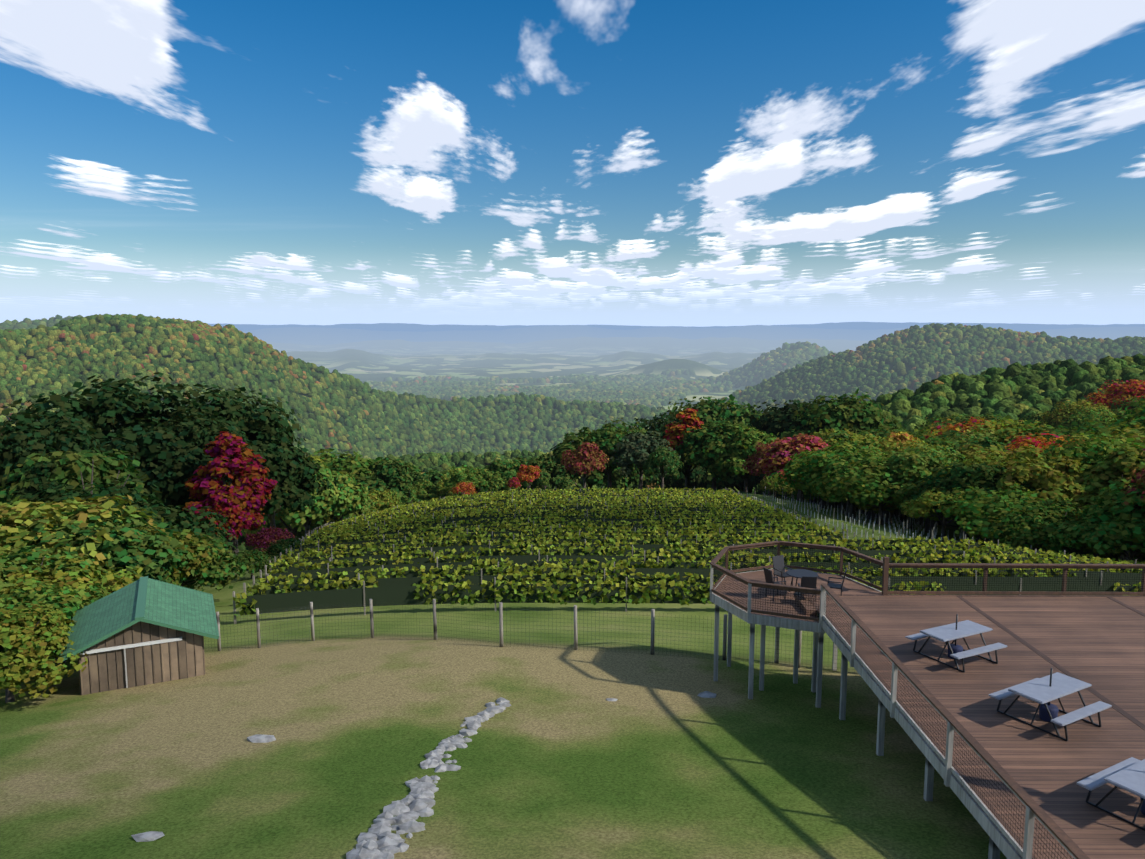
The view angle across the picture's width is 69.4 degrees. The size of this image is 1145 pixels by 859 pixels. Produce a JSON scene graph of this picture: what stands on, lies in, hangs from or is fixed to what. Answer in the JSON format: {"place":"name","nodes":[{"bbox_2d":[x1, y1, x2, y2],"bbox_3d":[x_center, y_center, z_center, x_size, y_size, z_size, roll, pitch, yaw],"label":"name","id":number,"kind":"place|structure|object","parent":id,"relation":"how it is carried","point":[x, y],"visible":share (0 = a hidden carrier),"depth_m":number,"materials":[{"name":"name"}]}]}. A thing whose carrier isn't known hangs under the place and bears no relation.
{"place":"outdoors","nodes":[
{"label":"outdoors","id":0,"kind":"place"},
{"bbox_2d":[0,322,1144,858],"bbox_3d":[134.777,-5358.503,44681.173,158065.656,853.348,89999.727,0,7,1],"label":"terrain","id":1,"kind":"structure","parent":0,"point":[564,758],"depth_m":23.09,"materials":[{"name":"green plant"}]},
{"bbox_2d":[11,461,62,502],"bbox_3d":[-38.082,8.207,59.721,5.569,11.983,6.721,4,8,29],"label":"tree","id":2,"kind":"object","parent":1,"relation":"on","point":[40,473],"visible":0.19,"depth_m":58.84,"materials":[{"name":"green plant"}]},
{"bbox_2d":[0,603,87,702],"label":"tree","id":3,"kind":"object","parent":1,"relation":"on","point":[43,635],"visible":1,"depth_m":27.88,"materials":[{"name":"green plant"}]},
{"bbox_2d":[0,579,110,676],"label":"tree","id":4,"kind":"object","parent":1,"relation":"on","point":[75,603],"visible":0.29,"depth_m":32.63,"materials":[{"name":"green plant"}]},
{"bbox_2d":[0,536,139,617],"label":"tree","id":5,"kind":"object","parent":1,"relation":"on","point":[21,561],"visible":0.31,"depth_m":37.46,"materials":[{"name":"green plant"}]},
{"bbox_2d":[0,554,142,663],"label":"tree","id":6,"kind":"object","parent":1,"relation":"on","point":[74,579],"visible":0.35,"depth_m":36.31,"materials":[{"name":"green plant"}]},
{"bbox_2d":[0,447,148,507],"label":"tree","id":7,"kind":"object","parent":1,"relation":"on","point":[71,466],"visible":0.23,"depth_m":67.04,"materials":[{"name":"green plant"}]},
{"bbox_2d":[0,404,164,506],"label":"tree","id":8,"kind":"object","parent":1,"relation":"on","point":[20,445],"visible":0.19,"depth_m":71.81,"materials":[{"name":"green plant"}]},
{"bbox_2d":[0,494,176,576],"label":"tree","id":9,"kind":"object","parent":1,"relation":"on","point":[14,515],"visible":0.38,"depth_m":43.71,"materials":[{"name":"green plant"}]},
{"bbox_2d":[0,510,198,582],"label":"tree","id":10,"kind":"object","parent":1,"relation":"on","point":[129,529],"visible":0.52,"depth_m":42.54,"materials":[{"name":"green plant"}]},
{"bbox_2d":[3,475,196,535],"bbox_3d":[-34.069,8.686,57.133,16.157,9.936,14.662,5,9,37],"label":"tree","id":11,"kind":"object","parent":1,"relation":"on","point":[112,491],"visible":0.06,"depth_m":58.11,"materials":[{"name":"green plant"}]},
{"bbox_2d":[0,368,254,516],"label":"tree","id":12,"kind":"object","parent":1,"relation":"on","point":[104,407],"visible":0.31,"depth_m":82.11,"materials":[{"name":"green plant"}]},
{"bbox_2d":[85,553,176,588],"bbox_3d":[-23.907,8.560,42.681,7.621,5.164,8.398,0,7,1],"label":"tree","id":13,"kind":"object","parent":1,"relation":"on","point":[157,577],"visible":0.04,"depth_m":42.12,"materials":[{"name":"green plant"}]},
{"bbox_2d":[59,576,218,694],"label":"shed","id":14,"kind":"structure","parent":1,"relation":"on","point":[145,630],"depth_m":29.93,"materials":[{"name":"green"}]},
{"bbox_2d":[105,525,224,585],"bbox_3d":[-25.112,8.431,46.559,10.110,6.082,10.004,-5,9,-37],"label":"tree","id":15,"kind":"object","parent":1,"relation":"on","point":[198,562],"visible":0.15,"depth_m":46.91,"materials":[{"name":"green plant"}]},
{"bbox_2d":[89,497,242,584],"bbox_3d":[-28.333,8.514,56.438,11.448,7.758,12.615,-1,7,-12],"label":"tree","id":16,"kind":"object","parent":1,"relation":"on","point":[192,522],"visible":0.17,"depth_m":55.95,"materials":[{"name":"green plant"}]},
{"bbox_2d":[93,407,262,518],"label":"tree","id":17,"kind":"object","parent":1,"relation":"on","point":[199,433],"visible":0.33,"depth_m":78.91,"materials":[{"name":"green plant"}]},
{"bbox_2d":[149,529,258,590],"bbox_3d":[-24.403,8.763,50.447,8.787,5.286,8.696,7,10,44],"label":"tree","id":18,"kind":"object","parent":1,"relation":"on","point":[212,573],"visible":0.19,"depth_m":49.72,"materials":[{"name":"green plant"}]},
{"bbox_2d":[182,431,277,554],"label":"tree","id":19,"kind":"object","parent":1,"relation":"on","point":[248,477],"visible":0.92,"depth_m":74.97,"materials":[{"name":"red plant"}]},
{"bbox_2d":[193,489,266,553],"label":"tree","id":20,"kind":"object","parent":1,"relation":"on","point":[238,519],"visible":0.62,"depth_m":73.03,"materials":[{"name":"red plant"}]},
{"bbox_2d":[153,381,309,553],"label":"tree","id":21,"kind":"object","parent":1,"relation":"on","point":[263,430],"visible":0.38,"depth_m":93.95,"materials":[{"name":"green plant"}]},
{"bbox_2d":[229,548,274,578],"bbox_3d":[-24.407,10.311,62.569,3.876,2.384,3.518,5,9,38],"label":"tree","id":22,"kind":"object","parent":1,"relation":"on","point":[256,554],"visible":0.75,"depth_m":62.20,"materials":[{"name":"green plant"}]},
{"bbox_2d":[242,526,294,559],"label":"tree","id":23,"kind":"object","parent":1,"relation":"on","point":[262,539],"visible":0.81,"depth_m":73.81,"materials":[{"name":"red plant"}]},
{"bbox_2d":[264,536,305,558],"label":"tree","id":24,"kind":"object","parent":1,"relation":"on","point":[277,548],"visible":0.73,"depth_m":68.75,"materials":[{"name":"green plant"}]},
{"bbox_2d":[243,440,329,544],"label":"tree","id":25,"kind":"object","parent":1,"relation":"on","point":[297,497],"visible":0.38,"depth_m":95.80,"materials":[{"name":"green plant"}]},
{"bbox_2d":[241,456,346,547],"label":"tree","id":26,"kind":"object","parent":1,"relation":"on","point":[293,531],"visible":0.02,"depth_m":150.42,"materials":[{"name":"green plant"}]},
{"bbox_2d":[275,459,349,538],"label":"tree","id":27,"kind":"object","parent":1,"relation":"on","point":[323,499],"visible":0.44,"depth_m":143.79,"materials":[{"name":"green plant"}]},
{"bbox_2d":[286,466,367,524],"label":"tree","id":28,"kind":"object","parent":1,"relation":"on","point":[343,482],"visible":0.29,"depth_m":149.24,"materials":[{"name":"green plant"}]},
{"bbox_2d":[296,448,390,532],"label":"tree","id":29,"kind":"object","parent":1,"relation":"on","point":[356,465],"visible":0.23,"depth_m":182.03,"materials":[{"name":"green plant"}]},
{"bbox_2d":[361,490,398,513],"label":"tree","id":30,"kind":"object","parent":1,"relation":"on","point":[383,500],"visible":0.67,"depth_m":160.11,"materials":[{"name":"green plant"}]},
{"bbox_2d":[353,458,422,504],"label":"tree","id":31,"kind":"object","parent":1,"relation":"on","point":[397,476],"visible":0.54,"depth_m":179.90,"materials":[{"name":"green plant"}]},
{"bbox_2d":[131,691,716,858],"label":"rocks","id":32,"kind":"object","parent":1,"relation":"on","point":[407,811],"visible":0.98,"depth_m":17.44,"materials":[{"name":"grey stone"}]},
{"bbox_2d":[412,479,442,500],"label":"tree","id":33,"kind":"object","parent":1,"relation":"on","point":[424,487],"visible":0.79,"depth_m":169.48,"materials":[{"name":"green plant"}]},
{"bbox_2d":[410,469,460,502],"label":"tree","id":34,"kind":"object","parent":1,"relation":"on","point":[434,475],"visible":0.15,"depth_m":183.93,"materials":[{"name":"green plant"}]},
{"bbox_2d":[443,471,477,494],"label":"tree","id":35,"kind":"object","parent":1,"relation":"on","point":[456,478],"visible":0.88,"depth_m":162.79,"materials":[{"name":"green plant"}]},
{"bbox_2d":[460,466,492,492],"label":"tree","id":36,"kind":"object","parent":1,"relation":"on","point":[482,480],"visible":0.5,"depth_m":173.30,"materials":[{"name":"green plant"}]},
{"bbox_2d":[481,459,528,490],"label":"tree","id":37,"kind":"object","parent":1,"relation":"on","point":[506,473],"visible":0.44,"depth_m":193.67,"materials":[{"name":"green plant"}]},
{"bbox_2d":[516,464,540,488],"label":"tree","id":38,"kind":"object","parent":1,"relation":"on","point":[530,474],"visible":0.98,"depth_m":142.16,"materials":[{"name":"red plant"}]},
{"bbox_2d":[204,599,856,673],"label":"fence posts","id":39,"kind":"object","parent":1,"relation":"on","point":[501,631],"visible":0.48,"depth_m":31.89,"materials":[{"name":"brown wood"}]},
{"bbox_2d":[524,454,574,488],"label":"tree","id":40,"kind":"object","parent":1,"relation":"on","point":[548,465],"visible":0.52,"depth_m":206.04,"materials":[{"name":"green plant"}]},
{"bbox_2d":[0,313,1144,575],"bbox_3d":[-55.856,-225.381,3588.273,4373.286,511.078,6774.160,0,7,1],"label":"forested hills","id":41,"kind":"structure","parent":1,"relation":"on","point":[1044,381],"depth_m":2072.56,"materials":[{"name":"green plant"}]},
{"bbox_2d":[560,442,608,488],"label":"tree","id":42,"kind":"object","parent":1,"relation":"on","point":[590,455],"visible":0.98,"depth_m":170.85,"materials":[{"name":"red plant"}]},
{"bbox_2d":[547,427,633,488],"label":"tree","id":43,"kind":"object","parent":1,"relation":"on","point":[569,442],"visible":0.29,"depth_m":210.76,"materials":[{"name":"green plant"}]},
{"bbox_2d":[578,423,642,488],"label":"tree","id":44,"kind":"object","parent":1,"relation":"on","point":[607,438],"visible":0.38,"depth_m":177.80,"materials":[{"name":"green plant"}]},
{"bbox_2d":[592,418,670,488],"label":"tree","id":45,"kind":"object","parent":1,"relation":"on","point":[636,475],"visible":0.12,"depth_m":221.36,"materials":[{"name":"green plant"}]},
{"bbox_2d":[606,431,680,488],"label":"tree","id":46,"kind":"object","parent":1,"relation":"on","point":[638,448],"visible":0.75,"depth_m":173.22,"materials":[{"name":"green plant"}]},
{"bbox_2d":[641,445,682,488],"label":"tree","id":47,"kind":"object","parent":1,"relation":"on","point":[659,457],"visible":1,"depth_m":158.72,"materials":[{"name":"green plant"}]},
{"bbox_2d":[629,408,708,488],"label":"tree","id":48,"kind":"object","parent":1,"relation":"on","point":[661,428],"visible":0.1,"depth_m":222.86,"materials":[{"name":"green plant"}]},
{"bbox_2d":[232,487,1136,623],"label":"vineyard posts","id":49,"kind":"object","parent":1,"relation":"on","point":[266,575],"visible":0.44,"depth_m":57.96,"materials":[{"name":"brown wood"}]},
{"bbox_2d":[663,408,709,488],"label":"tree","id":50,"kind":"object","parent":1,"relation":"on","point":[673,437],"visible":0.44,"depth_m":187.94,"materials":[{"name":"red plant"}]},
{"bbox_2d":[233,487,1144,615],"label":"vineyard vines","id":51,"kind":"object","parent":1,"relation":"on","point":[516,573],"visible":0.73,"depth_m":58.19,"materials":[{"name":"green plant"}]},
{"bbox_2d":[657,394,759,488],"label":"tree","id":52,"kind":"object","parent":1,"relation":"on","point":[713,411],"visible":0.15,"depth_m":229.40,"materials":[{"name":"green plant"}]},
{"bbox_2d":[675,421,748,489],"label":"tree","id":53,"kind":"object","parent":1,"relation":"on","point":[692,451],"visible":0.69,"depth_m":178.79,"materials":[{"name":"green plant"}]},
{"bbox_2d":[690,403,780,497],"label":"tree","id":54,"kind":"object","parent":1,"relation":"on","point":[749,414],"visible":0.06,"depth_m":233.08,"materials":[{"name":"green plant"}]},
{"bbox_2d":[705,423,776,491],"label":"tree","id":55,"kind":"object","parent":1,"relation":"on","point":[745,442],"visible":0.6,"depth_m":173.54,"materials":[{"name":"green plant"}]},
{"bbox_2d":[742,442,771,495],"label":"tree","id":56,"kind":"object","parent":1,"relation":"on","point":[752,466],"visible":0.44,"depth_m":146.02,"materials":[{"name":"red plant"}]},
{"bbox_2d":[757,477,794,497],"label":"tree","id":57,"kind":"object","parent":1,"relation":"on","point":[771,487],"visible":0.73,"depth_m":124.69,"materials":[{"name":"green plant"}]},
{"bbox_2d":[731,400,830,497],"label":"tree","id":58,"kind":"object","parent":1,"relation":"on","point":[781,418],"visible":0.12,"depth_m":222.19,"materials":[{"name":"green plant"}]},
{"bbox_2d":[757,433,834,501],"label":"tree","id":59,"kind":"object","parent":1,"relation":"on","point":[779,453],"visible":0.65,"depth_m":133.21,"materials":[{"name":"red plant"}]},
{"bbox_2d":[765,445,885,515],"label":"tree","id":60,"kind":"object","parent":1,"relation":"on","point":[804,476],"visible":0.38,"depth_m":102.08,"materials":[{"name":"green plant"}]},
{"bbox_2d":[773,388,904,438],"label":"tree","id":61,"kind":"object","parent":1,"relation":"on","point":[844,413],"visible":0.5,"depth_m":208.40,"materials":[{"name":"green plant"}]},
{"bbox_2d":[810,455,876,517],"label":"tree","id":62,"kind":"object","parent":1,"relation":"on","point":[843,463],"visible":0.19,"depth_m":98.42,"materials":[{"name":"green plant"}]},
{"bbox_2d":[823,437,885,509],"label":"tree","id":63,"kind":"object","parent":1,"relation":"on","point":[867,442],"visible":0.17,"depth_m":130.39,"materials":[{"name":"green plant"}]},
{"bbox_2d":[811,456,932,524],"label":"tree","id":64,"kind":"object","parent":1,"relation":"on","point":[860,480],"visible":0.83,"depth_m":91.53,"materials":[{"name":"green plant"}]},
{"bbox_2d":[747,486,1031,548],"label":"young vine tubes","id":65,"kind":"object","parent":1,"relation":"on","point":[934,530],"visible":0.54,"depth_m":90.82,"materials":[{"name":"white plastic"}]},
{"bbox_2d":[848,424,932,514],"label":"tree","id":66,"kind":"object","parent":1,"relation":"on","point":[881,433],"visible":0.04,"depth_m":172.28,"materials":[{"name":"green plant"}]},
{"bbox_2d":[857,431,926,451],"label":"tree","id":67,"kind":"object","parent":1,"relation":"on","point":[899,435],"visible":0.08,"depth_m":129.27,"materials":[{"name":"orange plant"}]},
{"bbox_2d":[861,437,947,519],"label":"tree","id":68,"kind":"object","parent":1,"relation":"on","point":[892,447],"visible":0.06,"depth_m":120.22,"materials":[{"name":"green plant"}]},
{"bbox_2d":[871,451,950,528],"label":"tree","id":69,"kind":"object","parent":1,"relation":"on","point":[928,462],"visible":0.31,"depth_m":92.52,"materials":[{"name":"green plant"}]},
{"bbox_2d":[896,479,942,535],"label":"tree","id":70,"kind":"object","parent":1,"relation":"on","point":[909,492],"visible":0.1,"depth_m":87.28,"materials":[{"name":"green plant"}]},
{"bbox_2d":[710,541,1144,858],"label":"deck","id":71,"kind":"structure","parent":1,"relation":"on","point":[1018,791],"depth_m":20.91,"materials":[{"name":"brown wood"}]},
{"bbox_2d":[772,555,792,585],"bbox_3d":[7.189,4.879,28.300,0.520,1.007,0.585,-3,8,-24],"label":"patio chair","id":72,"kind":"object","parent":71,"relation":"on","point":[779,566],"visible":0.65,"depth_m":28.41,"materials":[{"name":"grey metal"}]},
{"bbox_2d":[786,569,817,597],"bbox_3d":[7.601,5.124,27.409,1.040,0.738,1.040,0,7,1],"label":"patio table","id":73,"kind":"object","parent":71,"relation":"on","point":[797,573],"visible":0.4,"depth_m":27.34,"materials":[{"name":"grey metal"}]},
{"bbox_2d":[905,614,1006,672],"bbox_3d":[10.046,5.407,21.665,1.830,1.180,1.650,-3,8,-26],"label":"picnic table","id":74,"kind":"object","parent":71,"relation":"on","point":[954,632],"visible":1,"depth_m":21.50,"materials":[{"name":"plastic"}]},
{"bbox_2d":[989,668,1111,740],"bbox_3d":[10.512,5.822,18.214,1.830,1.180,1.650,-4,8,-29],"label":"picnic table","id":75,"kind":"object","parent":71,"relation":"on","point":[1042,691],"visible":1,"depth_m":18.08,"materials":[{"name":"plastic"}]},
{"bbox_2d":[1077,757,1144,830],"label":"picnic table","id":76,"kind":"object","parent":71,"relation":"on","point":[1128,775],"visible":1,"depth_m":14.68,"materials":[{"name":"plastic"}]},
{"bbox_2d":[899,441,966,528],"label":"tree","id":77,"kind":"object","parent":1,"relation":"on","point":[948,457],"visible":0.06,"depth_m":102.00,"materials":[{"name":"green plant"}]},
{"bbox_2d":[901,486,976,539],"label":"tree","id":78,"kind":"object","parent":1,"relation":"on","point":[917,508],"visible":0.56,"depth_m":81.61,"materials":[{"name":"green plant"}]},
{"bbox_2d":[912,414,970,434],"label":"tree","id":79,"kind":"object","parent":1,"relation":"on","point":[952,421],"visible":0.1,"depth_m":299.23,"materials":[{"name":"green plant"}]},
{"bbox_2d":[910,460,1011,538],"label":"tree","id":80,"kind":"object","parent":1,"relation":"on","point":[963,475],"visible":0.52,"depth_m":82.14,"materials":[{"name":"green plant"}]},
{"bbox_2d":[924,417,999,438],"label":"tree","id":81,"kind":"object","parent":1,"relation":"on","point":[970,424],"visible":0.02,"depth_m":152.49,"materials":[{"name":"red plant"}]},
{"bbox_2d":[941,427,1008,526],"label":"tree","id":82,"kind":"object","parent":1,"relation":"on","point":[970,437],"visible":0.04,"depth_m":127.79,"materials":[{"name":"green plant"}]},
{"bbox_2d":[937,449,1024,542],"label":"tree","id":83,"kind":"object","parent":1,"relation":"on","point":[992,460],"visible":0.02,"depth_m":89.40,"materials":[{"name":"green plant"}]},
{"bbox_2d":[951,443,1022,462],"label":"tree","id":84,"kind":"object","parent":1,"relation":"on","point":[965,449],"visible":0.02,"depth_m":102.89,"materials":[{"name":"green plant"}]},
{"bbox_2d":[953,415,1047,445],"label":"tree","id":85,"kind":"object","parent":1,"relation":"on","point":[1001,424],"visible":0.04,"depth_m":132.05,"materials":[{"name":"green plant"}]},
{"bbox_2d":[930,483,1078,544],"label":"tree","id":86,"kind":"object","parent":1,"relation":"on","point":[971,505],"visible":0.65,"depth_m":74.78,"materials":[{"name":"green plant"}]},
{"bbox_2d":[987,420,1067,443],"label":"tree","id":87,"kind":"object","parent":1,"relation":"on","point":[1006,432],"visible":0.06,"depth_m":124.13,"materials":[{"name":"green plant"}]},
{"bbox_2d":[996,445,1070,544],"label":"tree","id":88,"kind":"object","parent":1,"relation":"on","point":[1032,451],"visible":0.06,"depth_m":94.03,"materials":[{"name":"green plant"}]},
{"bbox_2d":[994,456,1089,550],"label":"tree","id":89,"kind":"object","parent":1,"relation":"on","point":[1051,484],"visible":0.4,"depth_m":79.40,"materials":[{"name":"green plant"}]},
{"bbox_2d":[1002,431,1083,551],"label":"tree","id":90,"kind":"object","parent":1,"relation":"on","point":[1037,441],"visible":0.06,"depth_m":102.65,"materials":[{"name":"green plant"}]},
{"bbox_2d":[985,500,1129,558],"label":"tree","id":91,"kind":"object","parent":1,"relation":"on","point":[1025,525],"visible":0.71,"depth_m":69.39,"materials":[{"name":"green plant"}]},
{"bbox_2d":[1038,399,1113,428],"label":"tree","id":92,"kind":"object","parent":1,"relation":"on","point":[1059,416],"visible":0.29,"depth_m":285.71,"materials":[{"name":"green plant"}]},
{"bbox_2d":[1015,416,1144,550],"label":"tree","id":93,"kind":"object","parent":1,"relation":"on","point":[1085,428],"depth_m":109.73,"materials":[{"name":"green plant"}]},
{"bbox_2d":[1023,431,1144,557],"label":"tree","id":94,"kind":"object","parent":1,"relation":"on","point":[1093,455],"visible":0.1,"depth_m":82.80,"materials":[{"name":"green plant"}]},
{"bbox_2d":[1054,406,1115,433],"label":"tree","id":95,"kind":"object","parent":1,"relation":"on","point":[1079,417],"visible":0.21,"depth_m":275.25,"materials":[{"name":"green plant"}]},
{"bbox_2d":[1048,504,1144,561],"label":"tree","id":96,"kind":"object","parent":1,"relation":"on","point":[1102,537],"visible":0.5,"depth_m":62.42,"materials":[{"name":"green plant"}]},
{"bbox_2d":[1048,423,1144,559],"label":"tree","id":97,"kind":"object","parent":1,"relation":"on","point":[1136,436],"visible":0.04,"depth_m":96.18,"materials":[{"name":"green plant"}]},
{"bbox_2d":[1075,446,1144,561],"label":"tree","id":98,"kind":"object","parent":1,"relation":"on","point":[1123,462],"visible":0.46,"depth_m":71.52,"materials":[{"name":"green plant"}]},
{"bbox_2d":[1076,482,1144,544],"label":"tree","id":99,"kind":"object","parent":1,"relation":"on","point":[1124,515],"visible":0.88,"depth_m":61.78,"materials":[{"name":"green plant"}]},
{"bbox_2d":[1084,379,1144,412],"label":"tree","id":100,"kind":"object","parent":1,"relation":"on","point":[1133,388],"visible":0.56,"depth_m":291.36,"materials":[{"name":"red plant"}]},
{"bbox_2d":[1105,396,1144,432],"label":"tree","id":101,"kind":"object","parent":1,"relation":"on","point":[1140,414],"visible":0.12,"depth_m":117.11,"materials":[{"name":"green plant"}]},
{"bbox_2d":[1108,396,1144,418],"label":"tree","id":102,"kind":"object","parent":1,"relation":"on","point":[1116,411],"visible":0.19,"depth_m":283.51,"materials":[{"name":"green plant"}]},
{"bbox_2d":[1112,466,1144,512],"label":"tree","id":103,"kind":"object","parent":1,"relation":"on","point":[1140,479],"visible":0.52,"depth_m":63.01,"materials":[{"name":"green plant"}]},
{"bbox_2d":[0,0,1144,326],"label":"sky","id":104,"kind":"structure","parent":0,"point":[685,163],"materials":[{"name":"blue"}]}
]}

__________

DIRECTIONS
Show, from the material above, each line that includes the string "vineyard".

ANSWER SECTION
{"bbox_2d":[232,487,1136,623],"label":"vineyard posts","id":49,"kind":"object","parent":1,"relation":"on","point":[266,575],"visible":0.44,"depth_m":57.96,"materials":[{"name":"brown wood"}]},
{"bbox_2d":[233,487,1144,615],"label":"vineyard vines","id":51,"kind":"object","parent":1,"relation":"on","point":[516,573],"visible":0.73,"depth_m":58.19,"materials":[{"name":"green plant"}]},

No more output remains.